(Supplied information Opens)
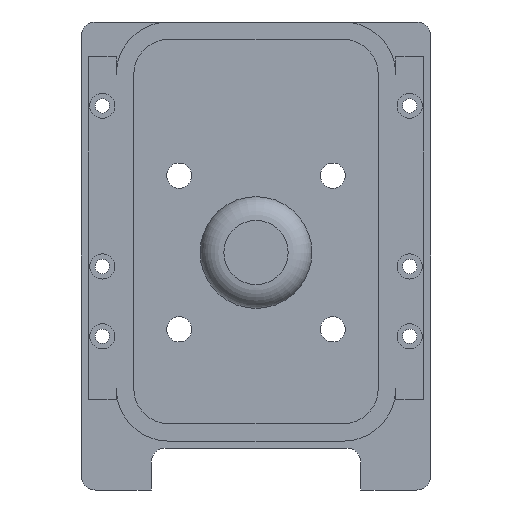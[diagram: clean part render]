
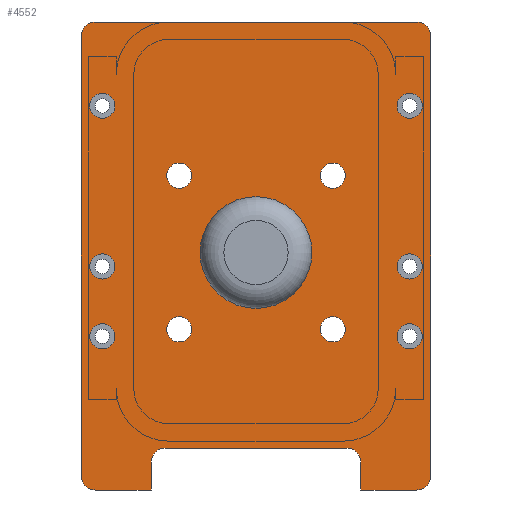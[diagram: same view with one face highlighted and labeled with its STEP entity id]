
A CAD part, front view. The second image highlights one B-rep face of the part: STEP entity #4552.
In plain terms, the highlighted planar face has unit normal (0, -1, 0).
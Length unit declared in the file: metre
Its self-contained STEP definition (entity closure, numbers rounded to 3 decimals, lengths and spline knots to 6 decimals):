
#289=CIRCLE('',#4941,0.009);
#290=CIRCLE('',#4942,0.009);
#291=CIRCLE('',#4943,0.009);
#292=CIRCLE('',#4944,0.009);
#293=CIRCLE('',#4945,0.009);
#294=CIRCLE('',#4946,0.009);
#295=CIRCLE('',#4947,0.009);
#296=CIRCLE('',#4948,0.009);
#297=CIRCLE('',#4949,0.009);
#298=CIRCLE('',#4950,0.009);
#299=CIRCLE('',#4951,0.04);
#300=CIRCLE('',#4952,0.01);
#301=CIRCLE('',#4953,0.01);
#302=CIRCLE('',#4954,0.01);
#303=CIRCLE('',#4955,0.01);
#304=CIRCLE('',#4956,0.01);
#305=CIRCLE('',#4957,0.01);
#756=ORIENTED_EDGE('',*,*,#1996,.F.);
#757=ORIENTED_EDGE('',*,*,#1997,.F.);
#758=ORIENTED_EDGE('',*,*,#1998,.F.);
#759=ORIENTED_EDGE('',*,*,#1999,.F.);
#760=ORIENTED_EDGE('',*,*,#2000,.F.);
#761=ORIENTED_EDGE('',*,*,#2001,.F.);
#762=ORIENTED_EDGE('',*,*,#2002,.F.);
#763=ORIENTED_EDGE('',*,*,#2003,.F.);
#764=ORIENTED_EDGE('',*,*,#2004,.F.);
#765=ORIENTED_EDGE('',*,*,#2005,.F.);
#766=ORIENTED_EDGE('',*,*,#2006,.F.);
#767=ORIENTED_EDGE('',*,*,#1984,.F.);
#768=ORIENTED_EDGE('',*,*,#2007,.F.);
#769=ORIENTED_EDGE('',*,*,#2008,.F.);
#770=ORIENTED_EDGE('',*,*,#2009,.F.);
#771=ORIENTED_EDGE('',*,*,#2010,.F.);
#772=ORIENTED_EDGE('',*,*,#2011,.F.);
#773=ORIENTED_EDGE('',*,*,#2012,.F.);
#774=ORIENTED_EDGE('',*,*,#2013,.F.);
#775=ORIENTED_EDGE('',*,*,#2014,.F.);
#776=ORIENTED_EDGE('',*,*,#2015,.F.);
#777=ORIENTED_EDGE('',*,*,#2016,.F.);
#778=ORIENTED_EDGE('',*,*,#2017,.F.);
#779=ORIENTED_EDGE('',*,*,#2018,.F.);
#780=ORIENTED_EDGE('',*,*,#2019,.F.);
#1984=EDGE_CURVE('',#2590,#2591,#2961,.T.);
#1996=EDGE_CURVE('',#2602,#2602,#289,.T.);
#1997=EDGE_CURVE('',#2603,#2603,#290,.T.);
#1998=EDGE_CURVE('',#2604,#2604,#291,.T.);
#1999=EDGE_CURVE('',#2605,#2605,#292,.T.);
#2000=EDGE_CURVE('',#2606,#2606,#293,.T.);
#2001=EDGE_CURVE('',#2607,#2607,#294,.T.);
#2002=EDGE_CURVE('',#2608,#2608,#295,.T.);
#2003=EDGE_CURVE('',#2609,#2609,#296,.T.);
#2004=EDGE_CURVE('',#2610,#2610,#297,.T.);
#2005=EDGE_CURVE('',#2611,#2611,#298,.T.);
#2006=EDGE_CURVE('',#2612,#2612,#299,.T.);
#2007=EDGE_CURVE('',#2613,#2590,#300,.T.);
#2008=EDGE_CURVE('',#2614,#2613,#2963,.T.);
#2009=EDGE_CURVE('',#2615,#2614,#301,.T.);
#2010=EDGE_CURVE('',#2616,#2615,#2964,.T.);
#2011=EDGE_CURVE('',#2617,#2616,#2965,.T.);
#2012=EDGE_CURVE('',#2618,#2617,#302,.T.);
#2013=EDGE_CURVE('',#2619,#2618,#2966,.T.);
#2014=EDGE_CURVE('',#2620,#2619,#303,.T.);
#2015=EDGE_CURVE('',#2621,#2620,#2967,.T.);
#2016=EDGE_CURVE('',#2622,#2621,#2968,.T.);
#2017=EDGE_CURVE('',#2623,#2622,#304,.T.);
#2018=EDGE_CURVE('',#2624,#2623,#2969,.T.);
#2019=EDGE_CURVE('',#2591,#2624,#305,.T.);
#2590=VERTEX_POINT('',#7333);
#2591=VERTEX_POINT('',#7335);
#2602=VERTEX_POINT('',#7359);
#2603=VERTEX_POINT('',#7361);
#2604=VERTEX_POINT('',#7363);
#2605=VERTEX_POINT('',#7365);
#2606=VERTEX_POINT('',#7367);
#2607=VERTEX_POINT('',#7369);
#2608=VERTEX_POINT('',#7371);
#2609=VERTEX_POINT('',#7373);
#2610=VERTEX_POINT('',#7375);
#2611=VERTEX_POINT('',#7377);
#2612=VERTEX_POINT('',#7379);
#2613=VERTEX_POINT('',#7381);
#2614=VERTEX_POINT('',#7383);
#2615=VERTEX_POINT('',#7385);
#2616=VERTEX_POINT('',#7387);
#2617=VERTEX_POINT('',#7389);
#2618=VERTEX_POINT('',#7391);
#2619=VERTEX_POINT('',#7393);
#2620=VERTEX_POINT('',#7395);
#2621=VERTEX_POINT('',#7397);
#2622=VERTEX_POINT('',#7399);
#2623=VERTEX_POINT('',#7401);
#2624=VERTEX_POINT('',#7403);
#2961=LINE('',#7334,#3301);
#2963=LINE('',#7382,#3303);
#2964=LINE('',#7386,#3304);
#2965=LINE('',#7388,#3305);
#2966=LINE('',#7392,#3306);
#2967=LINE('',#7396,#3307);
#2968=LINE('',#7398,#3308);
#2969=LINE('',#7402,#3309);
#3301=VECTOR('',#5722,1.);
#3303=VECTOR('',#5770,1.);
#3304=VECTOR('',#5773,1.);
#3305=VECTOR('',#5774,1.);
#3306=VECTOR('',#5777,1.);
#3307=VECTOR('',#5780,1.);
#3308=VECTOR('',#5781,1.);
#3309=VECTOR('',#5784,1.);
#3594=EDGE_LOOP('',(#756));
#3595=EDGE_LOOP('',(#757));
#3596=EDGE_LOOP('',(#758));
#3597=EDGE_LOOP('',(#759));
#3598=EDGE_LOOP('',(#760));
#3599=EDGE_LOOP('',(#761));
#3600=EDGE_LOOP('',(#762));
#3601=EDGE_LOOP('',(#763));
#3602=EDGE_LOOP('',(#764));
#3603=EDGE_LOOP('',(#765));
#3604=EDGE_LOOP('',(#766));
#3605=EDGE_LOOP('',(#767,#768,#769,#770,#771,#772,#773,#774,#775,#776,#777,
#778,#779,#780));
#4034=FACE_BOUND('',#3594,.T.);
#4035=FACE_BOUND('',#3595,.T.);
#4036=FACE_BOUND('',#3596,.T.);
#4037=FACE_BOUND('',#3597,.T.);
#4038=FACE_BOUND('',#3598,.T.);
#4039=FACE_BOUND('',#3599,.T.);
#4040=FACE_BOUND('',#3600,.T.);
#4041=FACE_BOUND('',#3601,.T.);
#4042=FACE_BOUND('',#3602,.T.);
#4043=FACE_BOUND('',#3603,.T.);
#4044=FACE_BOUND('',#3604,.T.);
#4045=FACE_BOUND('',#3605,.T.);
#4409=PLANE('',#4940);
#4552=ADVANCED_FACE('',(#4034,#4035,#4036,#4037,#4038,#4039,#4040,#4041,
#4042,#4043,#4044,#4045),#4409,.T.);
#4940=AXIS2_PLACEMENT_3D('',#7357,#5744,#5745);
#4941=AXIS2_PLACEMENT_3D('',#7358,#5746,#5747);
#4942=AXIS2_PLACEMENT_3D('',#7360,#5748,#5749);
#4943=AXIS2_PLACEMENT_3D('',#7362,#5750,#5751);
#4944=AXIS2_PLACEMENT_3D('',#7364,#5752,#5753);
#4945=AXIS2_PLACEMENT_3D('',#7366,#5754,#5755);
#4946=AXIS2_PLACEMENT_3D('',#7368,#5756,#5757);
#4947=AXIS2_PLACEMENT_3D('',#7370,#5758,#5759);
#4948=AXIS2_PLACEMENT_3D('',#7372,#5760,#5761);
#4949=AXIS2_PLACEMENT_3D('',#7374,#5762,#5763);
#4950=AXIS2_PLACEMENT_3D('',#7376,#5764,#5765);
#4951=AXIS2_PLACEMENT_3D('',#7378,#5766,#5767);
#4952=AXIS2_PLACEMENT_3D('',#7380,#5768,#5769);
#4953=AXIS2_PLACEMENT_3D('',#7384,#5771,#5772);
#4954=AXIS2_PLACEMENT_3D('',#7390,#5775,#5776);
#4955=AXIS2_PLACEMENT_3D('',#7394,#5778,#5779);
#4956=AXIS2_PLACEMENT_3D('',#7400,#5782,#5783);
#4957=AXIS2_PLACEMENT_3D('',#7404,#5785,#5786);
#5722=DIRECTION('',(1.,0.,0.));
#5744=DIRECTION('',(0.,-1.,0.));
#5745=DIRECTION('',(1.,0.,0.));
#5746=DIRECTION('',(0.,-1.,0.));
#5747=DIRECTION('',(0.,0.,-1.));
#5748=DIRECTION('',(0.,-1.,0.));
#5749=DIRECTION('',(0.,0.,-1.));
#5750=DIRECTION('',(0.,-1.,0.));
#5751=DIRECTION('',(0.,0.,-1.));
#5752=DIRECTION('',(0.,-1.,0.));
#5753=DIRECTION('',(0.,0.,-1.));
#5754=DIRECTION('',(0.,-1.,0.));
#5755=DIRECTION('',(0.,0.,-1.));
#5756=DIRECTION('',(0.,-1.,0.));
#5757=DIRECTION('',(0.,0.,-1.));
#5758=DIRECTION('',(0.,-1.,0.));
#5759=DIRECTION('',(0.,0.,-1.));
#5760=DIRECTION('',(0.,-1.,0.));
#5761=DIRECTION('',(0.,0.,-1.));
#5762=DIRECTION('',(0.,-1.,0.));
#5763=DIRECTION('',(0.,0.,-1.));
#5764=DIRECTION('',(0.,-1.,0.));
#5765=DIRECTION('',(0.,0.,-1.));
#5766=DIRECTION('',(0.,-1.,0.));
#5767=DIRECTION('',(0.,0.,-1.));
#5768=DIRECTION('',(0.,1.,0.));
#5769=DIRECTION('',(0.,0.,-1.));
#5770=DIRECTION('',(0.,0.,1.));
#5771=DIRECTION('',(0.,1.,0.));
#5772=DIRECTION('',(0.,0.,-1.));
#5773=DIRECTION('',(-1.,0.,0.));
#5774=DIRECTION('',(0.,0.,-1.));
#5775=DIRECTION('',(0.,-1.,0.));
#5776=DIRECTION('',(0.,0.,-1.));
#5777=DIRECTION('',(-1.,0.,0.));
#5778=DIRECTION('',(0.,-1.,0.));
#5779=DIRECTION('',(0.,0.,-1.));
#5780=DIRECTION('',(0.,0.,1.));
#5781=DIRECTION('',(-1.,0.,0.));
#5782=DIRECTION('',(0.,1.,0.));
#5783=DIRECTION('',(0.,0.,-1.));
#5784=DIRECTION('',(0.,0.,-1.));
#5785=DIRECTION('',(0.,1.,0.));
#5786=DIRECTION('',(0.,0.,-1.));
#7333=CARTESIAN_POINT('',(-0.115,-1.752,0.15));
#7334=CARTESIAN_POINT('',(0.,-1.752,0.15));
#7335=CARTESIAN_POINT('',(0.115,-1.752,0.15));
#7357=CARTESIAN_POINT('',(0.,-1.752,-0.0175));
#7358=CARTESIAN_POINT('',(-0.11,-1.752,-0.075));
#7359=CARTESIAN_POINT('',(-0.11,-1.752,-0.084));
#7360=CARTESIAN_POINT('',(-0.055,-1.752,0.04));
#7361=CARTESIAN_POINT('',(-0.055,-1.752,0.031));
#7362=CARTESIAN_POINT('',(0.055,-1.752,0.04));
#7363=CARTESIAN_POINT('',(0.055,-1.752,0.031));
#7364=CARTESIAN_POINT('',(-0.055,-1.752,-0.07));
#7365=CARTESIAN_POINT('',(-0.055,-1.752,-0.079));
#7366=CARTESIAN_POINT('',(0.11,-1.752,0.09));
#7367=CARTESIAN_POINT('',(0.11,-1.752,0.081));
#7368=CARTESIAN_POINT('',(0.11,-1.752,-0.025));
#7369=CARTESIAN_POINT('',(0.11,-1.752,-0.034));
#7370=CARTESIAN_POINT('',(0.11,-1.752,-0.075));
#7371=CARTESIAN_POINT('',(0.11,-1.752,-0.084));
#7372=CARTESIAN_POINT('',(-0.11,-1.752,-0.025));
#7373=CARTESIAN_POINT('',(-0.11,-1.752,-0.034));
#7374=CARTESIAN_POINT('',(0.055,-1.752,-0.07));
#7375=CARTESIAN_POINT('',(0.055,-1.752,-0.079));
#7376=CARTESIAN_POINT('',(-0.11,-1.752,0.09));
#7377=CARTESIAN_POINT('',(-0.11,-1.752,0.081));
#7378=CARTESIAN_POINT('',(0.,-1.752,-0.015));
#7379=CARTESIAN_POINT('',(0.,-1.752,-0.055));
#7380=CARTESIAN_POINT('',(-0.115,-1.752,0.14));
#7381=CARTESIAN_POINT('',(-0.125,-1.752,0.14));
#7382=CARTESIAN_POINT('',(-0.125,-1.752,-0.0175));
#7383=CARTESIAN_POINT('',(-0.125,-1.752,-0.175));
#7384=CARTESIAN_POINT('',(-0.115,-1.752,-0.175));
#7385=CARTESIAN_POINT('',(-0.115,-1.752,-0.185));
#7386=CARTESIAN_POINT('',(-0.095,-1.752,-0.185));
#7387=CARTESIAN_POINT('',(-0.075,-1.752,-0.185));
#7388=CARTESIAN_POINT('',(-0.075,-1.752,-0.175));
#7389=CARTESIAN_POINT('',(-0.075,-1.752,-0.165));
#7390=CARTESIAN_POINT('',(-0.065,-1.752,-0.165));
#7391=CARTESIAN_POINT('',(-0.065,-1.752,-0.155));
#7392=CARTESIAN_POINT('',(0.,-1.752,-0.155));
#7393=CARTESIAN_POINT('',(0.065,-1.752,-0.155));
#7394=CARTESIAN_POINT('',(0.065,-1.752,-0.165));
#7395=CARTESIAN_POINT('',(0.075,-1.752,-0.165));
#7396=CARTESIAN_POINT('',(0.075,-1.752,-0.175));
#7397=CARTESIAN_POINT('',(0.075,-1.752,-0.185));
#7398=CARTESIAN_POINT('',(0.095,-1.752,-0.185));
#7399=CARTESIAN_POINT('',(0.115,-1.752,-0.185));
#7400=CARTESIAN_POINT('',(0.115,-1.752,-0.175));
#7401=CARTESIAN_POINT('',(0.125,-1.752,-0.175));
#7402=CARTESIAN_POINT('',(0.125,-1.752,-0.0175));
#7403=CARTESIAN_POINT('',(0.125,-1.752,0.14));
#7404=CARTESIAN_POINT('',(0.115,-1.752,0.14));
(Supplied information Closes)
▸ **Work to be completed**:
What you return must be the lines above that run from the line with "#3594=EDGE_LOOP('',(#756));" to the line with "#5746=DIRECTION('',(0.,-1.,0.));", inclusive, each copied exactly.

▸ **Answer to this exercise**:
#3594=EDGE_LOOP('',(#756));
#3595=EDGE_LOOP('',(#757));
#3596=EDGE_LOOP('',(#758));
#3597=EDGE_LOOP('',(#759));
#3598=EDGE_LOOP('',(#760));
#3599=EDGE_LOOP('',(#761));
#3600=EDGE_LOOP('',(#762));
#3601=EDGE_LOOP('',(#763));
#3602=EDGE_LOOP('',(#764));
#3603=EDGE_LOOP('',(#765));
#3604=EDGE_LOOP('',(#766));
#3605=EDGE_LOOP('',(#767,#768,#769,#770,#771,#772,#773,#774,#775,#776,#777,
#778,#779,#780));
#4034=FACE_BOUND('',#3594,.T.);
#4035=FACE_BOUND('',#3595,.T.);
#4036=FACE_BOUND('',#3596,.T.);
#4037=FACE_BOUND('',#3597,.T.);
#4038=FACE_BOUND('',#3598,.T.);
#4039=FACE_BOUND('',#3599,.T.);
#4040=FACE_BOUND('',#3600,.T.);
#4041=FACE_BOUND('',#3601,.T.);
#4042=FACE_BOUND('',#3602,.T.);
#4043=FACE_BOUND('',#3603,.T.);
#4044=FACE_BOUND('',#3604,.T.);
#4045=FACE_BOUND('',#3605,.T.);
#4409=PLANE('',#4940);
#4552=ADVANCED_FACE('',(#4034,#4035,#4036,#4037,#4038,#4039,#4040,#4041,
#4042,#4043,#4044,#4045),#4409,.T.);
#4940=AXIS2_PLACEMENT_3D('',#7357,#5744,#5745);
#4941=AXIS2_PLACEMENT_3D('',#7358,#5746,#5747);
#4942=AXIS2_PLACEMENT_3D('',#7360,#5748,#5749);
#4943=AXIS2_PLACEMENT_3D('',#7362,#5750,#5751);
#4944=AXIS2_PLACEMENT_3D('',#7364,#5752,#5753);
#4945=AXIS2_PLACEMENT_3D('',#7366,#5754,#5755);
#4946=AXIS2_PLACEMENT_3D('',#7368,#5756,#5757);
#4947=AXIS2_PLACEMENT_3D('',#7370,#5758,#5759);
#4948=AXIS2_PLACEMENT_3D('',#7372,#5760,#5761);
#4949=AXIS2_PLACEMENT_3D('',#7374,#5762,#5763);
#4950=AXIS2_PLACEMENT_3D('',#7376,#5764,#5765);
#4951=AXIS2_PLACEMENT_3D('',#7378,#5766,#5767);
#4952=AXIS2_PLACEMENT_3D('',#7380,#5768,#5769);
#4953=AXIS2_PLACEMENT_3D('',#7384,#5771,#5772);
#4954=AXIS2_PLACEMENT_3D('',#7390,#5775,#5776);
#4955=AXIS2_PLACEMENT_3D('',#7394,#5778,#5779);
#4956=AXIS2_PLACEMENT_3D('',#7400,#5782,#5783);
#4957=AXIS2_PLACEMENT_3D('',#7404,#5785,#5786);
#5722=DIRECTION('',(1.,0.,0.));
#5744=DIRECTION('',(0.,-1.,0.));
#5745=DIRECTION('',(1.,0.,0.));
#5746=DIRECTION('',(0.,-1.,0.));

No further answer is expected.